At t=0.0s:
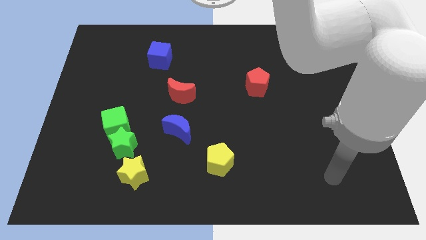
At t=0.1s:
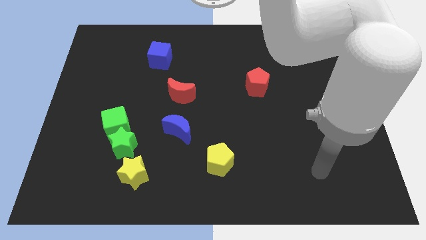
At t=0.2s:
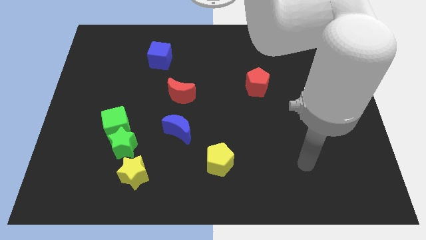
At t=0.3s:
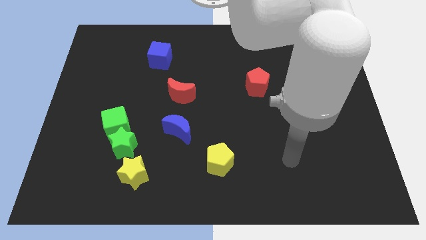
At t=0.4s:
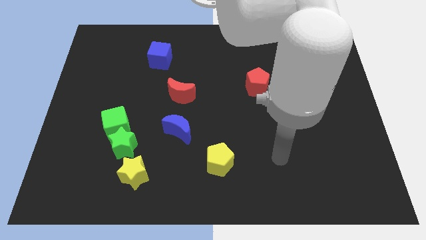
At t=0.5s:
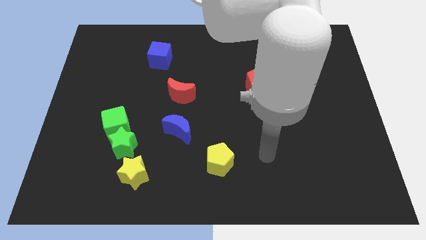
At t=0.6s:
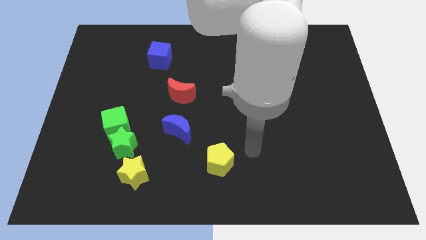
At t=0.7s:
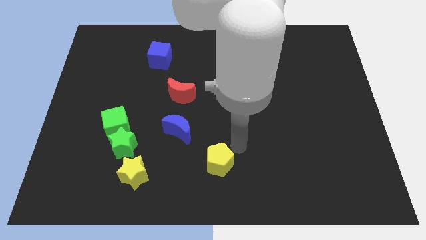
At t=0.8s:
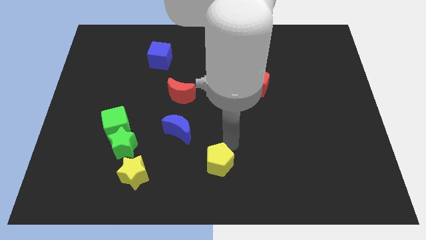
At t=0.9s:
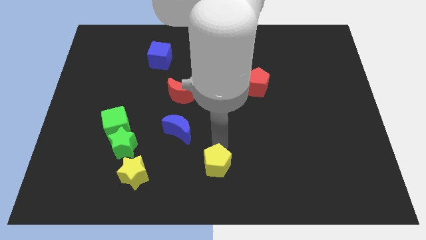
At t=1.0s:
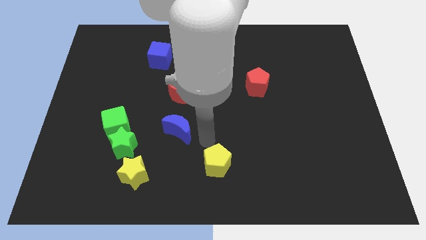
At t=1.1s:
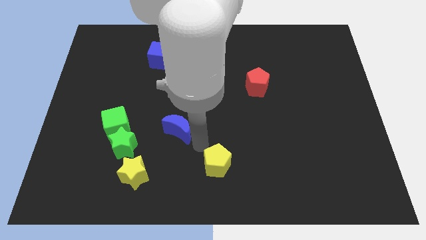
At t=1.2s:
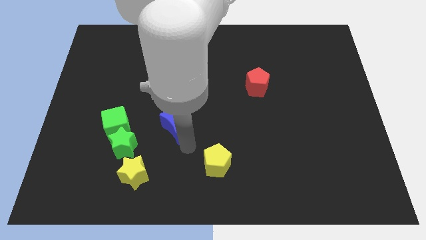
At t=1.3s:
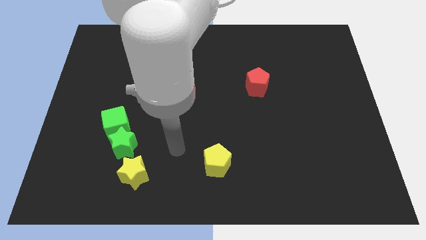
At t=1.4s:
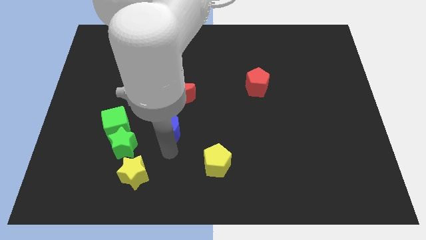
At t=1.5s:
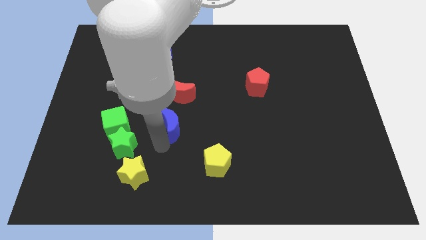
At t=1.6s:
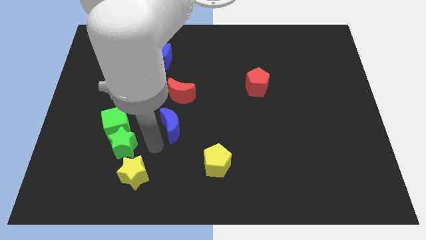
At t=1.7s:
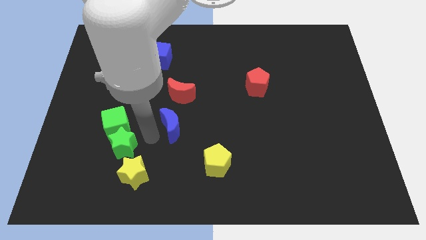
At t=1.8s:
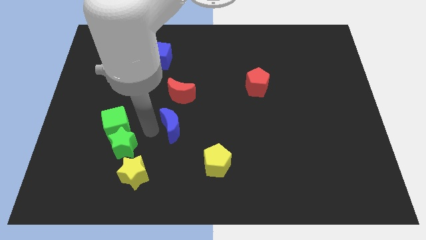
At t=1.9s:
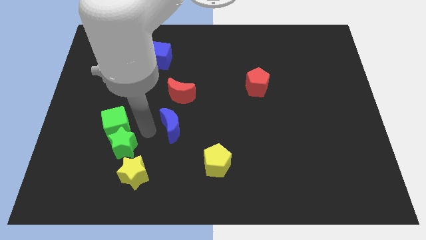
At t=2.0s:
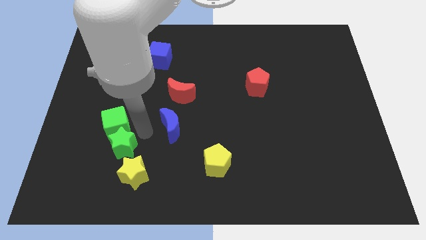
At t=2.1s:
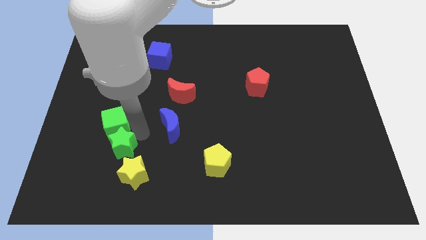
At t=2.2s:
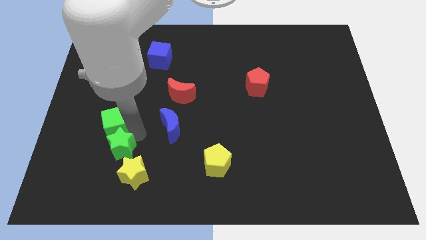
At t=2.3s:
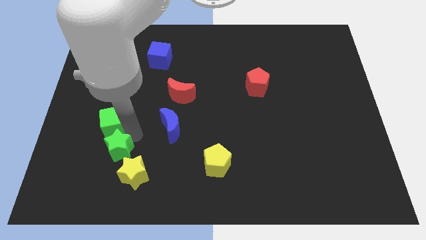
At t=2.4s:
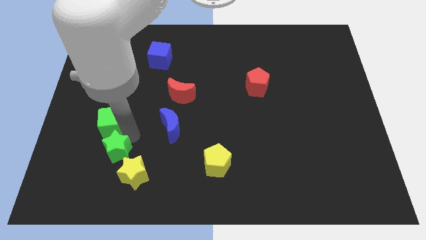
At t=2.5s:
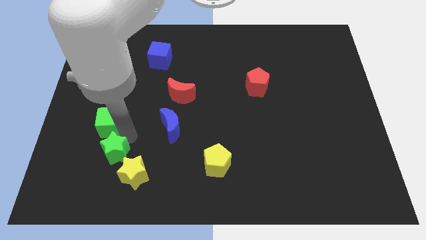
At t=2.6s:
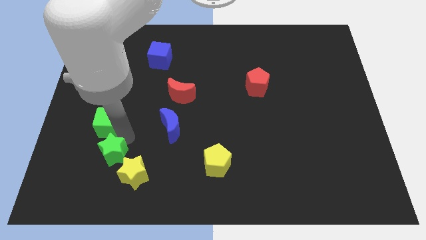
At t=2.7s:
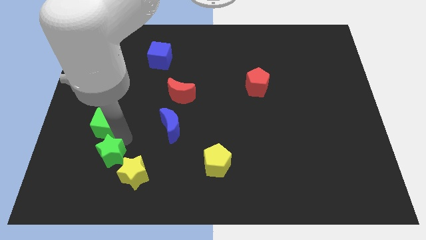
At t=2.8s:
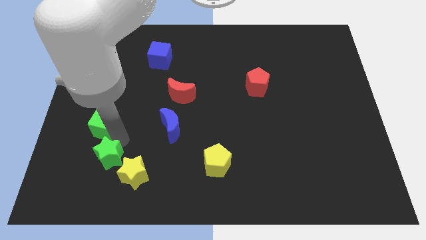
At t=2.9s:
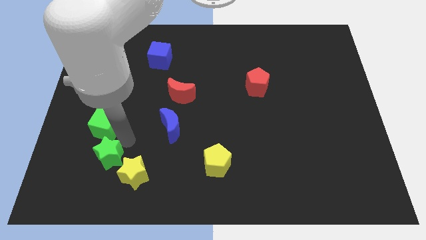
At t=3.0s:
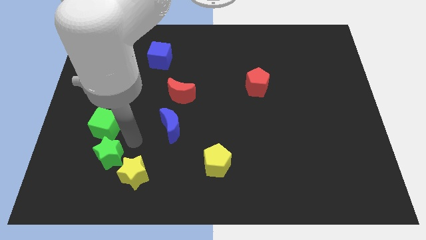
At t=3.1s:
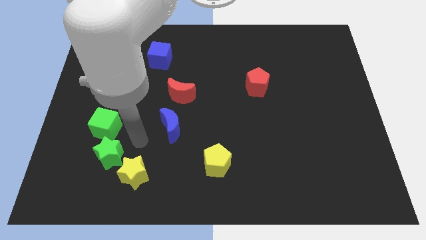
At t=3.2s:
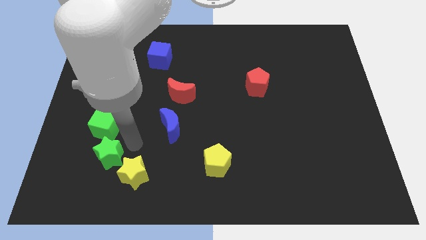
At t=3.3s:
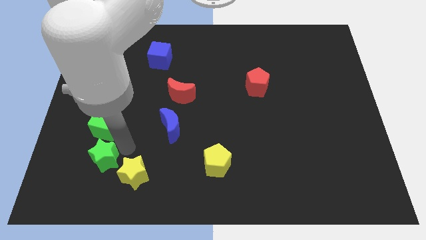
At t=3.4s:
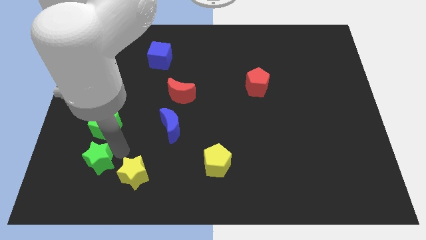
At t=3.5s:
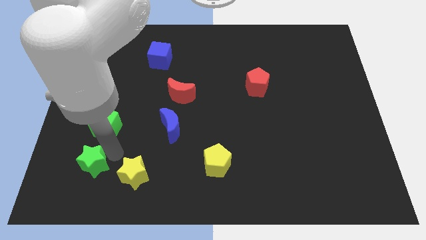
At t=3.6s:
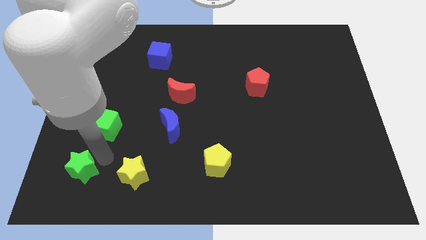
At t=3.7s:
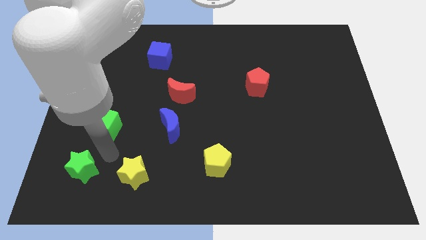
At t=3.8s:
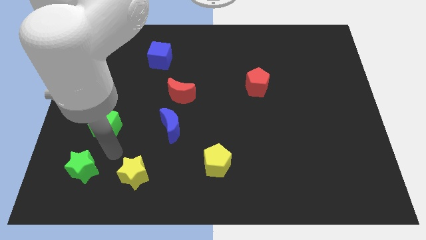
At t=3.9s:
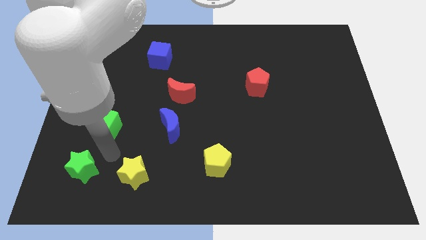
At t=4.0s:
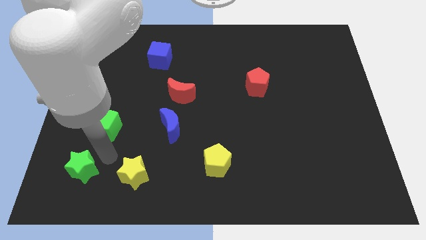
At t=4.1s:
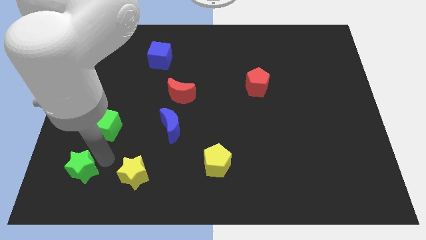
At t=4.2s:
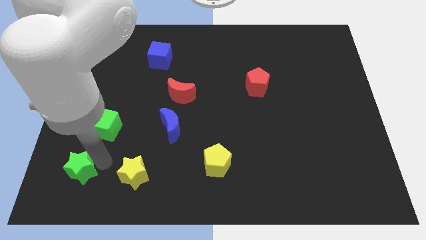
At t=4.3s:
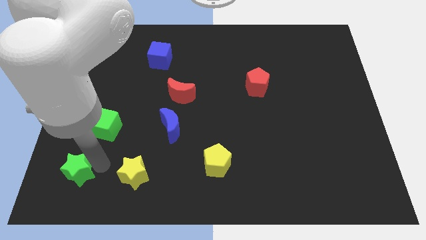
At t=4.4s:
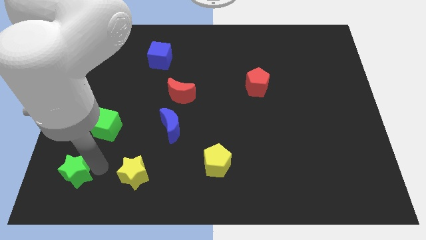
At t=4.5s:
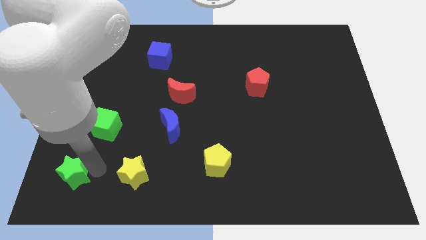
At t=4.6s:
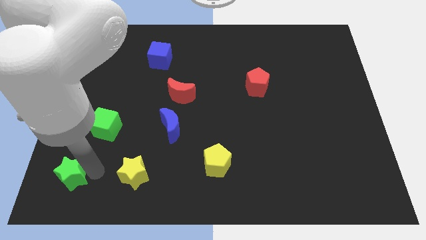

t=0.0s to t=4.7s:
push the green star to the lower left corner

=======

• What you will do:
Give all the lines above again, character for character, without pictures.

• Answer:
At t=0.0s:
At t=0.1s:
At t=0.2s:
At t=0.3s:
At t=0.4s:
At t=0.5s:
At t=0.6s:
At t=0.7s:
At t=0.8s:
At t=0.9s:
At t=1.0s:
At t=1.1s:
At t=1.2s:
At t=1.3s:
At t=1.4s:
At t=1.5s:
At t=1.6s:
At t=1.7s:
At t=1.8s:
At t=1.9s:
At t=2.0s:
At t=2.1s:
At t=2.2s:
At t=2.3s:
At t=2.4s:
At t=2.5s:
At t=2.6s:
At t=2.7s:
At t=2.8s:
At t=2.9s:
At t=3.0s:
At t=3.1s:
At t=3.2s:
At t=3.3s:
At t=3.4s:
At t=3.5s:
At t=3.6s:
At t=3.7s:
At t=3.8s:
At t=3.9s:
At t=4.0s:
At t=4.1s:
At t=4.2s:
At t=4.3s:
At t=4.4s:
At t=4.5s:
At t=4.6s:

t=0.0s to t=4.7s:
push the green star to the lower left corner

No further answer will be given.